The remaining factor of 10 will come from multiple processors. A single system will contain perhaps ten processors and share memory. We therefore designed a multiprocessor memory model and matching instructions from the beginning. This early accommodation for multiple processors also distinguishes the Alpha AXP architecture from many other RISC architectures, which try to add the proper primitives later.
I needed this 6 months ago…
I’m glad atleast some people are still working on what is still a perfectly useable architecture. In fact, if HP (and compaq before them) hadn’t been such idiots the Alpha series would still be alive and kicking, destroying other architectures in performance. Sadly, times change. As does all things.
Anyways, I know Debian doesn’t upkeep much on its alpha port anymore so its good to see someone else trying. I know my Alpha 2100/4 machine still works perfectly even though its close to 10yrs old now and still handles file serving for about 25-30 people. Did I mention the only thing thats failed has been a hd?

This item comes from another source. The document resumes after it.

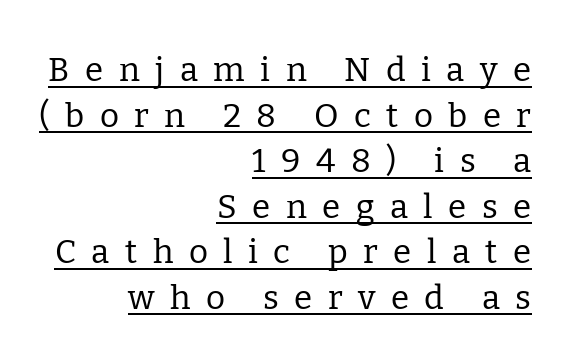
A typesetter would call this heavily tracked-out type. This rendering uses right alignment, leaving the left contour irregular. Is there an underline? Yes — a line sits under the letters. Proportional: the letters do not fall into vertical columns. The rows are spaced the way most documents space them. The specimen reads as upright at a glance.
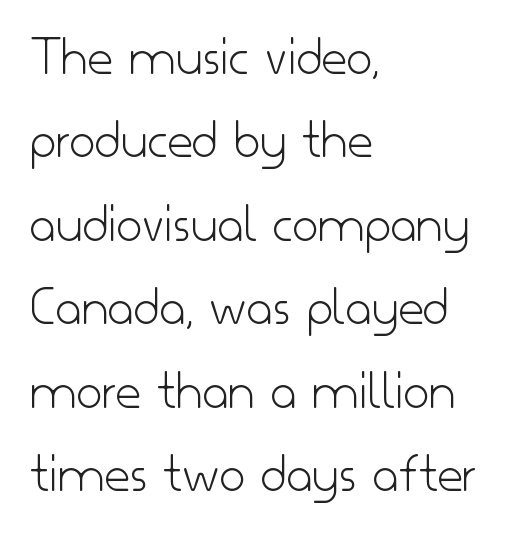
The image shows 56 px light sans-serif type, upright; set left-aligned, normal line spacing (1.49x), normal letter spacing, not underlined; low stroke contrast and a small x-height.

These machines weren’t made to be buy and toss PCs. They were made to be incredibly long lasting, powerful workstations or servers that could scale almost infinitly.
Chris wrote:
> I know Debian doesn’t upkeep much on its alpha port
What do you mean?
http://buildd.debian.org/stats/graph2-week-big.png
As of today, Debian alpha is >98.5% up-to-date. Okay, this number is high because Debian is near the next release, but it rarely fell under 90%. Full stat here:
http://buildd.debian.org/stats/
We have an old XP1000 station that was used for crunching numbers 24/24, it was one of our power computers until P4 performance surpassed it. It remained turned off for two years until we needed a computer for hosting some intranet apps.
and guess what?? thanks to someone that decided to port Linux to Alpha that good first-class hardware had a second life (RedHat based on the 2.4.X kernel). The only problem was the video driver, but, since the computer was going to be used as a small server, that wasn’t a problem. We installed apache, php, mysql, our app and that was all.

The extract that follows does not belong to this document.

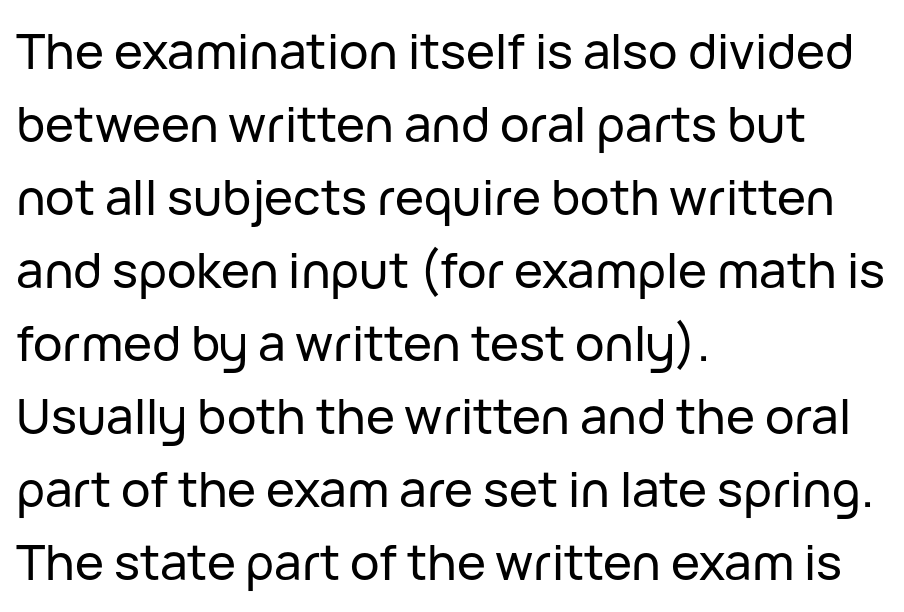
{"serif": "no", "italic": "no", "width": "normal", "stroke_contrast": "low", "x_height": "medium", "monospaced": "no", "underline": "no", "align": "left", "line_spacing": "normal", "line_spacing_ratio": 1.49, "letter_spacing": "normal", "letter_spacing_em": 0.0, "glyph_px": 49}

It’s important to considerer that people spent a lot of money with these machines, so there is a particular interest of keeping them alive.
I manage a couple of alphas (ES40/XP1000) and I must say they can still be very useful machines.
But I rather use Debian. It’s normally more up to date and is noticeably faster than AlphaCore.
debian on alpha is very nice and viable. beside it’s the pet arch of the current release manager steve langasek.
it’s sometimes troublesome to run latest -rc kernels from kernel.org as the alpha port sometimes misses latest arch fixes, but beside that it is an easy arch to support.
Alpha is by far one of the best CPU’s ever designed and i too lament the way it was handled after Digital was purchased. The problem is that the stated upgrade path for these old boxes is Itanium2 based servers. Hopefully HP sill get their heads out of there rear ends and realize what they have.
Alpha and Digital Unix, the true unix power !
The the reviewer said that XP needed more than 256 megs of ram
and a faster than 400 mhz cpu to run a GUI, give me a break!
Not true, love linux but don’t make up facts
sorry i ment for my commit to go to fedora core review.